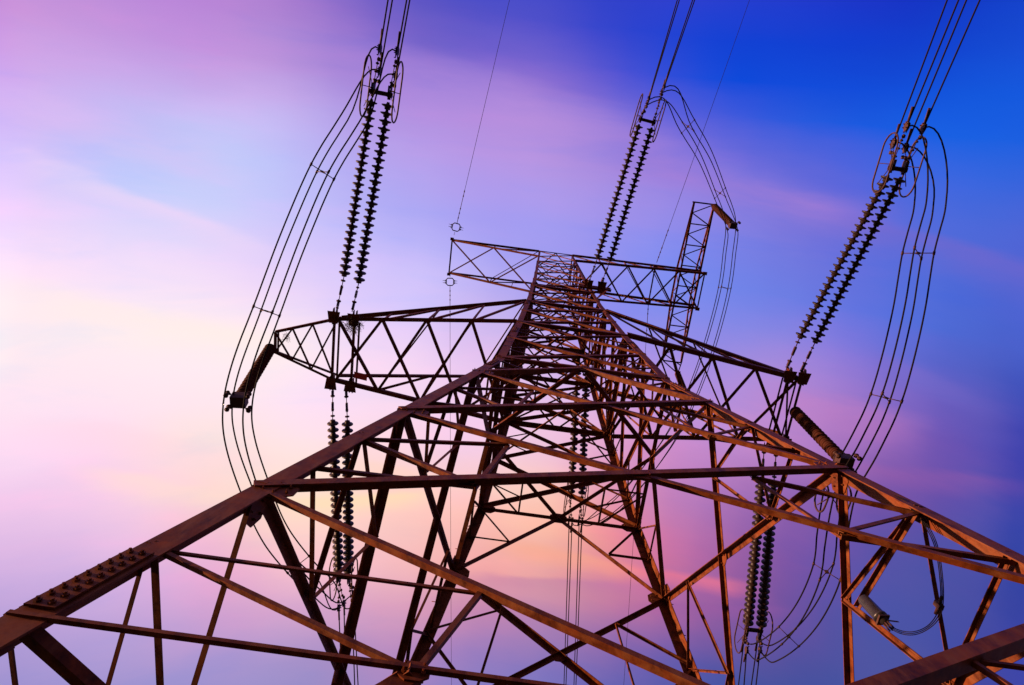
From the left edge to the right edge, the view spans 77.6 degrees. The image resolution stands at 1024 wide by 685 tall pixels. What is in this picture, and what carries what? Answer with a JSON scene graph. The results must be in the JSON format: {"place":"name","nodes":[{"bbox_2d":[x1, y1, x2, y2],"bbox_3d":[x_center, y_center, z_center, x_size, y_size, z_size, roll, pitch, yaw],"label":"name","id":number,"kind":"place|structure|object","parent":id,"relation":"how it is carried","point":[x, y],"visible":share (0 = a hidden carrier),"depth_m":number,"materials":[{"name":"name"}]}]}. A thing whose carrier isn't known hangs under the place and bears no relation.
{"place":"outdoors","nodes":[
{"label":"outdoors","id":0,"kind":"place"},
{"bbox_2d":[329,557,357,619],"bbox_3d":[-6.141,9.057,23.335,0.851,0.799,2.603,3,-74,2],"label":"strain yoke","id":1,"kind":"object","parent":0,"point":[349,583],"visible":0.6,"depth_m":23.22,"materials":[{"name":"grey metal"}]},
{"bbox_2d":[222,69,379,609],"bbox_3d":[-6.365,1.422,19.066,2.647,4.418,18.731,7,-73,1],"label":"jumper cable","id":2,"kind":"object","parent":1,"relation":"attached to","point":[253,308],"visible":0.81,"depth_m":17.62,"materials":[{"name":"black metal"}]},
{"bbox_2d":[251,49,396,608],"bbox_3d":[-5.754,1.054,19.050,2.664,3.551,18.953,7,-73,1],"label":"jumper cable","id":3,"kind":"object","parent":1,"relation":"attached to","point":[283,306],"visible":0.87,"depth_m":18.15,"materials":[{"name":"black metal"}]},
{"bbox_2d":[355,632,358,684],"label":"conductor","id":4,"kind":"object","parent":1,"relation":"attached to","point":[356,665],"visible":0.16,"depth_m":24.55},
{"bbox_2d":[0,0,1023,684],"label":"sky","id":5,"kind":"structure","parent":0,"point":[156,156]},
{"label":"ground","id":6,"kind":"structure","parent":0,"visible":0},
{"bbox_2d":[0,201,1023,684],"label":"transmission tower","id":7,"kind":"structure","parent":6,"relation":"on","point":[970,659],"depth_m":9.04,"materials":[{"name":"metal"}]},
{"bbox_2d":[223,344,275,412],"bbox_3d":[-7.658,1.058,19.199,1.253,3.808,0.773,30,-75,-6],"label":"jumper insulator","id":8,"kind":"object","parent":7,"relation":"attached to","point":[236,399],"visible":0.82,"depth_m":18.27,"materials":[{"name":"black metal"}]},
{"bbox_2d":[231,46,379,610],"bbox_3d":[-6.278,1.041,19.096,2.721,3.600,19.100,7,-73,1],"label":"jumper cable","id":9,"kind":"object","parent":8,"relation":"attached to","point":[271,283],"visible":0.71,"depth_m":18.11,"materials":[{"name":"black metal"}]},
{"bbox_2d":[252,304,280,317],"bbox_3d":[-6.825,-0.872,17.726,0.655,0.642,0.347,16,-74,-2],"label":"cable spacer","id":10,"kind":"object","parent":9,"relation":"attached to","point":[271,312],"visible":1,"depth_m":17.66,"materials":[{"name":"grey metal"}]},
{"bbox_2d":[310,162,335,180],"bbox_3d":[-5.403,-4.870,18.182,0.676,0.668,0.328,22,-74,-4],"label":"cable spacer","id":11,"kind":"object","parent":9,"relation":"attached to","point":[321,171],"visible":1,"depth_m":18.13,"materials":[{"name":"grey metal"}]},
{"bbox_2d":[327,390,343,571],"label":"insulator string","id":12,"kind":"object","parent":7,"relation":"attached to","point":[337,540],"visible":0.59,"depth_m":22.28,"materials":[{"name":"brown ceramic"}]},
{"bbox_2d":[342,391,353,573],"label":"insulator string","id":13,"kind":"object","parent":7,"relation":"attached to","point":[348,517],"visible":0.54,"depth_m":22.35,"materials":[{"name":"brown ceramic"}]},
{"bbox_2d":[342,316,363,337],"bbox_3d":[-5.133,-0.555,20.583,0.756,0.400,0.811,-42,-80,13],"label":"twig nest","id":14,"kind":"object","parent":7,"relation":"attached to","point":[353,327],"visible":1,"depth_m":20.54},
{"bbox_2d":[336,99,376,308],"bbox_3d":[-4.837,-4.037,19.518,0.360,0.505,6.586,14,-74,-1],"label":"insulator string","id":15,"kind":"object","parent":7,"relation":"attached to","point":[355,206],"visible":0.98,"depth_m":19.35,"materials":[{"name":"brown ceramic"}]},
{"bbox_2d":[354,372,366,380],"bbox_3d":[-5.023,1.117,21.114,0.465,0.004,0.225,14,-74,-1],"label":"phase marker","id":16,"kind":"object","parent":7,"relation":"attached to","point":[358,375],"visible":1,"depth_m":21.11,"materials":[{"name":"red metal"}]},
{"bbox_2d":[351,102,393,311],"bbox_3d":[-4.346,-3.968,19.515,0.368,0.514,6.532,14,-74,-1],"label":"insulator string","id":17,"kind":"object","parent":7,"relation":"attached to","point":[367,232],"visible":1,"depth_m":19.32,"materials":[{"name":"brown ceramic"}]},
{"bbox_2d":[359,28,403,123],"bbox_3d":[-3.706,-7.656,18.325,0.981,0.800,2.447,11,-73,-1],"label":"strain yoke","id":18,"kind":"object","parent":17,"relation":"attached to","point":[389,95],"visible":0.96,"depth_m":18.34,"materials":[{"name":"black metal"}]},
{"bbox_2d":[242,73,395,603],"bbox_3d":[-5.832,1.291,19.002,2.572,4.418,18.178,7,-73,1],"label":"jumper cable","id":19,"kind":"object","parent":18,"relation":"attached to","point":[282,287],"visible":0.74,"depth_m":17.55,"materials":[{"name":"black metal"}]},
{"bbox_2d":[379,0,388,48],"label":"conductor","id":20,"kind":"object","parent":18,"relation":"attached to","point":[384,22],"visible":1,"depth_m":17.68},
{"bbox_2d":[379,0,392,70],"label":"conductor","id":21,"kind":"object","parent":18,"relation":"attached to","point":[387,29],"visible":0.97,"depth_m":18.14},
{"bbox_2d":[398,0,406,46],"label":"conductor","id":22,"kind":"object","parent":18,"relation":"attached to","point":[402,22],"visible":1,"depth_m":17.66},
{"bbox_2d":[398,0,409,62],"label":"conductor","id":23,"kind":"object","parent":18,"relation":"attached to","point":[404,30],"visible":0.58,"depth_m":18.13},
{"bbox_2d":[443,278,454,316],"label":"earth wire clamp","id":24,"kind":"object","parent":7,"relation":"attached to","point":[449,285],"visible":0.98,"depth_m":41.77,"materials":[{"name":"grey metal"}]},
{"bbox_2d":[450,428,451,684],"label":"earth wire","id":25,"kind":"object","parent":24,"relation":"attached to","point":[450,514],"visible":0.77,"depth_m":46.43,"materials":[{"name":"grey metal"}]},
{"bbox_2d":[449,190,464,233],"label":"earth wire clamp","id":26,"kind":"object","parent":7,"relation":"attached to","point":[451,227],"visible":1,"depth_m":40.68,"materials":[{"name":"grey metal"}]},
{"bbox_2d":[465,0,509,187],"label":"earth wire","id":27,"kind":"object","parent":26,"relation":"attached to","point":[487,93],"visible":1,"depth_m":38.32,"materials":[{"name":"grey metal"}]},
{"bbox_2d":[568,358,580,492],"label":"insulator string","id":28,"kind":"object","parent":7,"relation":"attached to","point":[572,467],"visible":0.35,"depth_m":30.14,"materials":[{"name":"brown ceramic"}]},
{"bbox_2d":[578,373,589,494],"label":"insulator string","id":29,"kind":"object","parent":7,"relation":"attached to","point":[583,449],"visible":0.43,"depth_m":30.18,"materials":[{"name":"brown ceramic"}]},
{"bbox_2d":[563,483,588,532],"bbox_3d":[3.075,8.060,31.209,1.043,0.797,2.600,7,-73,1],"label":"strain yoke","id":30,"kind":"object","parent":29,"relation":"attached to","point":[580,507],"visible":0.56,"depth_m":31.15,"materials":[{"name":"grey metal"}]},
{"bbox_2d":[564,517,569,680],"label":"conductor","id":31,"kind":"object","parent":30,"relation":"attached to","point":[566,593],"visible":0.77,"depth_m":32.73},
{"bbox_2d":[566,531,571,681],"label":"conductor","id":32,"kind":"object","parent":30,"relation":"attached to","point":[569,597],"visible":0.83,"depth_m":32.28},
{"bbox_2d":[574,517,579,680],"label":"conductor","id":33,"kind":"object","parent":30,"relation":"attached to","point":[576,592],"visible":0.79,"depth_m":32.66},
{"bbox_2d":[576,529,581,681],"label":"conductor","id":34,"kind":"object","parent":30,"relation":"attached to","point":[579,594],"visible":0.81,"depth_m":32.23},
{"bbox_2d":[573,96,727,525],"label":"jumper cable","id":35,"kind":"object","parent":30,"relation":"attached to","point":[723,272],"visible":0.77,"depth_m":33.66,"materials":[{"name":"black metal"}]},
{"bbox_2d":[583,85,737,525],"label":"jumper cable","id":36,"kind":"object","parent":30,"relation":"attached to","point":[732,277],"visible":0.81,"depth_m":33.63,"materials":[{"name":"black metal"}]},
{"bbox_2d":[587,124,642,286],"bbox_3d":[4.285,-5.657,27.161,0.382,0.431,7.157,15,-74,-2],"label":"insulator string","id":37,"kind":"object","parent":7,"relation":"attached to","point":[619,188],"visible":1,"depth_m":26.88,"materials":[{"name":"brown ceramic"}]},
{"bbox_2d":[629,74,667,142],"bbox_3d":[5.660,-9.585,25.919,1.027,0.797,2.626,14,-74,-1],"label":"strain yoke","id":38,"kind":"object","parent":37,"relation":"attached to","point":[652,122],"visible":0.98,"depth_m":25.96,"materials":[{"name":"black metal"}]},
{"bbox_2d":[647,0,677,103],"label":"conductor","id":39,"kind":"object","parent":38,"relation":"attached to","point":[665,40],"visible":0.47,"depth_m":25.36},
{"bbox_2d":[649,0,679,98],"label":"conductor","id":40,"kind":"object","parent":38,"relation":"attached to","point":[665,46],"visible":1,"depth_m":25.02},
{"bbox_2d":[661,0,692,92],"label":"conductor","id":41,"kind":"object","parent":38,"relation":"attached to","point":[680,36],"visible":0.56,"depth_m":25.30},
{"bbox_2d":[664,0,694,86],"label":"conductor","id":42,"kind":"object","parent":38,"relation":"attached to","point":[680,40],"visible":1,"depth_m":24.93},
{"bbox_2d":[601,127,655,283],"bbox_3d":[4.862,-5.660,27.132,0.381,0.429,6.857,15,-74,-2],"label":"insulator string","id":43,"kind":"object","parent":7,"relation":"attached to","point":[632,190],"visible":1,"depth_m":26.89,"materials":[{"name":"brown ceramic"}]},
{"bbox_2d":[675,372,685,386],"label":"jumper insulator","id":44,"kind":"object","parent":7,"relation":"attached to","point":[682,381],"visible":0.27,"depth_m":41.51,"materials":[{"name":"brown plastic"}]},
{"bbox_2d":[712,204,740,230],"bbox_3d":[12.631,-7.448,37.824,0.873,3.910,1.268,7,-73,1],"label":"jumper insulator","id":45,"kind":"object","parent":7,"relation":"attached to","point":[730,223],"visible":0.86,"depth_m":36.97,"materials":[{"name":"brown metal"}]},
{"bbox_2d":[569,99,725,519],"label":"jumper cable","id":46,"kind":"object","parent":45,"relation":"attached to","point":[720,272],"visible":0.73,"depth_m":34.77,"materials":[{"name":"black metal"}]},
{"bbox_2d":[579,89,735,522],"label":"jumper cable","id":47,"kind":"object","parent":45,"relation":"attached to","point":[731,261],"visible":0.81,"depth_m":34.51,"materials":[{"name":"black metal"}]},
{"bbox_2d":[742,442,765,625],"bbox_3d":[8.453,6.761,22.042,0.383,0.528,7.069,0,-74,3],"label":"insulator string","id":48,"kind":"object","parent":7,"relation":"attached to","point":[752,577],"visible":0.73,"depth_m":22.27,"materials":[{"name":"brown ceramic"}]},
{"bbox_2d":[734,609,772,661],"bbox_3d":[8.710,10.607,23.077,0.968,0.801,1.986,5,-74,1],"label":"strain yoke","id":49,"kind":"object","parent":48,"relation":"attached to","point":[758,631],"visible":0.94,"depth_m":22.98,"materials":[{"name":"grey metal"}]},
{"bbox_2d":[738,646,743,684],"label":"conductor","id":50,"kind":"object","parent":49,"relation":"attached to","point":[740,666],"visible":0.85,"depth_m":23.70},
{"bbox_2d":[743,654,746,684],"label":"conductor","id":51,"kind":"object","parent":49,"relation":"attached to","point":[745,669],"visible":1,"depth_m":23.20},
{"bbox_2d":[751,645,757,684],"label":"conductor","id":52,"kind":"object","parent":49,"relation":"attached to","point":[753,667],"visible":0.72,"depth_m":23.69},
{"bbox_2d":[755,654,759,684],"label":"conductor","id":53,"kind":"object","parent":49,"relation":"attached to","point":[757,670],"visible":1,"depth_m":23.18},
{"bbox_2d":[749,142,915,644],"bbox_3d":[9.468,3.063,19.105,1.508,3.810,17.711,11,-73,-1],"label":"jumper cable","id":54,"kind":"object","parent":49,"relation":"hanging from","point":[855,428],"visible":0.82,"depth_m":18.10,"materials":[{"name":"black metal"}]},
{"bbox_2d":[748,125,928,660],"bbox_3d":[9.478,3.028,18.572,1.512,3.911,18.231,11,-73,-1],"label":"jumper cable","id":55,"kind":"object","parent":49,"relation":"attached to","point":[875,410],"visible":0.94,"depth_m":17.57,"materials":[{"name":"black metal"}]},
{"bbox_2d":[762,146,934,645],"bbox_3d":[10.015,3.119,19.095,1.507,3.809,17.494,11,-73,-1],"label":"jumper cable","id":56,"kind":"object","parent":49,"relation":"hanging from","point":[879,426],"visible":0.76,"depth_m":18.12,"materials":[{"name":"black metal"}]},
{"bbox_2d":[760,126,947,662],"bbox_3d":[10.028,3.073,18.559,1.514,3.909,18.207,11,-73,-1],"label":"jumper cable","id":57,"kind":"object","parent":49,"relation":"attached to","point":[899,407],"visible":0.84,"depth_m":17.55,"materials":[{"name":"black metal"}]},
{"bbox_2d":[777,625,799,647],"bbox_3d":[9.102,9.672,20.962,0.621,0.593,0.418,7,-73,1],"label":"cable spacer","id":58,"kind":"object","parent":57,"relation":"attached to","point":[781,644],"visible":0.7,"depth_m":20.92,"materials":[{"name":"grey metal"}]},
{"bbox_2d":[812,563,840,581],"bbox_3d":[9.003,6.561,18.230,0.647,0.650,0.274,-2,-74,3],"label":"cable spacer","id":59,"kind":"object","parent":57,"relation":"attached to","point":[825,571],"visible":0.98,"depth_m":18.20,"materials":[{"name":"grey metal"}]},
{"bbox_2d":[869,391,903,403],"bbox_3d":[10.181,1.506,17.346,0.672,0.664,0.328,21,-74,-3],"label":"cable spacer","id":60,"kind":"object","parent":57,"relation":"attached to","point":[884,396],"visible":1,"depth_m":17.30,"materials":[{"name":"grey metal"}]},
{"bbox_2d":[901,245,935,259],"bbox_3d":[11.427,-2.514,17.934,0.652,0.638,0.350,15,-74,-2],"label":"cable spacer","id":61,"kind":"object","parent":57,"relation":"attached to","point":[916,252],"visible":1,"depth_m":17.89,"materials":[{"name":"black metal"}]},
{"bbox_2d":[756,455,777,627],"bbox_3d":[8.890,6.827,22.041,0.381,0.527,7.020,-1,-74,3],"label":"insulator string","id":62,"kind":"object","parent":7,"relation":"hanging from","point":[764,584],"visible":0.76,"depth_m":22.30,"materials":[{"name":"brown ceramic"}]},
{"bbox_2d":[790,407,861,512],"bbox_3d":[8.930,3.362,18.804,0.981,4.316,1.619,7,-73,1],"label":"jumper insulator","id":63,"kind":"object","parent":7,"relation":"attached to","point":[823,440],"visible":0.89,"depth_m":18.16,"materials":[{"name":"brown ceramic"}]},
{"bbox_2d":[786,175,892,369],"bbox_3d":[9.786,-1.997,19.414,0.354,0.500,6.421,20,-74,-3],"label":"insulator string","id":64,"kind":"object","parent":7,"relation":"attached to","point":[842,260],"visible":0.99,"depth_m":19.21,"materials":[{"name":"brown ceramic"}]},
{"bbox_2d":[871,106,930,197],"bbox_3d":[11.188,-5.444,18.258,0.897,0.800,2.458,7,-73,1],"label":"strain yoke","id":65,"kind":"object","parent":64,"relation":"attached to","point":[892,166],"visible":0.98,"depth_m":18.27,"materials":[{"name":"black metal"}]},
{"bbox_2d":[898,0,947,131],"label":"conductor","id":66,"kind":"object","parent":65,"relation":"attached to","point":[923,62],"visible":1,"depth_m":17.75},
{"bbox_2d":[909,0,958,121],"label":"conductor","id":67,"kind":"object","parent":65,"relation":"attached to","point":[934,57],"visible":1,"depth_m":17.30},
{"bbox_2d":[909,0,966,139],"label":"conductor","id":68,"kind":"object","parent":65,"relation":"attached to","point":[939,65],"visible":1,"depth_m":17.75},
{"bbox_2d":[926,0,980,122],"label":"conductor","id":69,"kind":"object","parent":65,"relation":"attached to","point":[953,58],"visible":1,"depth_m":17.29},
{"bbox_2d":[800,177,905,371],"bbox_3d":[10.230,-1.891,19.424,0.357,0.503,6.462,19,-74,-3],"label":"insulator string","id":70,"kind":"object","parent":7,"relation":"attached to","point":[866,243],"visible":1,"depth_m":19.20,"materials":[{"name":"brown ceramic"}]},
{"bbox_2d":[858,595,898,631],"bbox_3d":[4.602,3.382,7.957,0.336,0.554,0.174,7,-73,1],"label":"splice closure","id":71,"kind":"object","parent":7,"relation":"attached to","point":[875,611],"visible":1,"depth_m":7.89,"materials":[{"name":"grey metal"}]},
{"bbox_2d":[887,494,943,635],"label":"optical cable","id":72,"kind":"object","parent":7,"relation":"attached to","point":[942,582],"visible":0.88,"depth_m":7.30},
{"bbox_2d":[890,510,942,633],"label":"optical cable","id":73,"kind":"object","parent":7,"relation":"attached to","point":[941,589],"visible":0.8,"depth_m":7.29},
{"bbox_2d":[933,595,944,614],"bbox_3d":[4.843,2.982,7.233,0.060,0.100,0.240,7,-73,1],"label":"cable clip","id":74,"kind":"object","parent":7,"relation":"attached to","point":[936,604],"visible":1,"depth_m":7.22,"materials":[{"name":"grey metal"}]},
{"bbox_2d":[888,507,940,631],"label":"optical cable","id":75,"kind":"object","parent":74,"relation":"attached to","point":[940,585],"visible":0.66,"depth_m":7.32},
{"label":"earth wire clamp","id":76,"kind":"object","parent":7,"relation":"attached to","visible":0},
{"bbox_2d":[669,0,749,226],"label":"earth wire","id":77,"kind":"object","parent":76,"relation":"attached to","point":[710,110],"visible":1,"depth_m":37.09,"materials":[{"name":"grey metal"}]},
{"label":"earth wire clamp","id":78,"kind":"object","parent":7,"relation":"attached to","visible":0},
{"bbox_2d":[624,332,646,675],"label":"earth wire","id":79,"kind":"object","parent":78,"relation":"attached to","point":[632,551],"visible":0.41,"depth_m":46.35,"materials":[{"name":"grey metal"}]}
]}
──────────
# Directions for this task
Search the data above for the word "outdoors". Copy each line it is in.

# Response to this exercise
{"place":"outdoors","nodes":[
{"label":"outdoors","id":0,"kind":"place"},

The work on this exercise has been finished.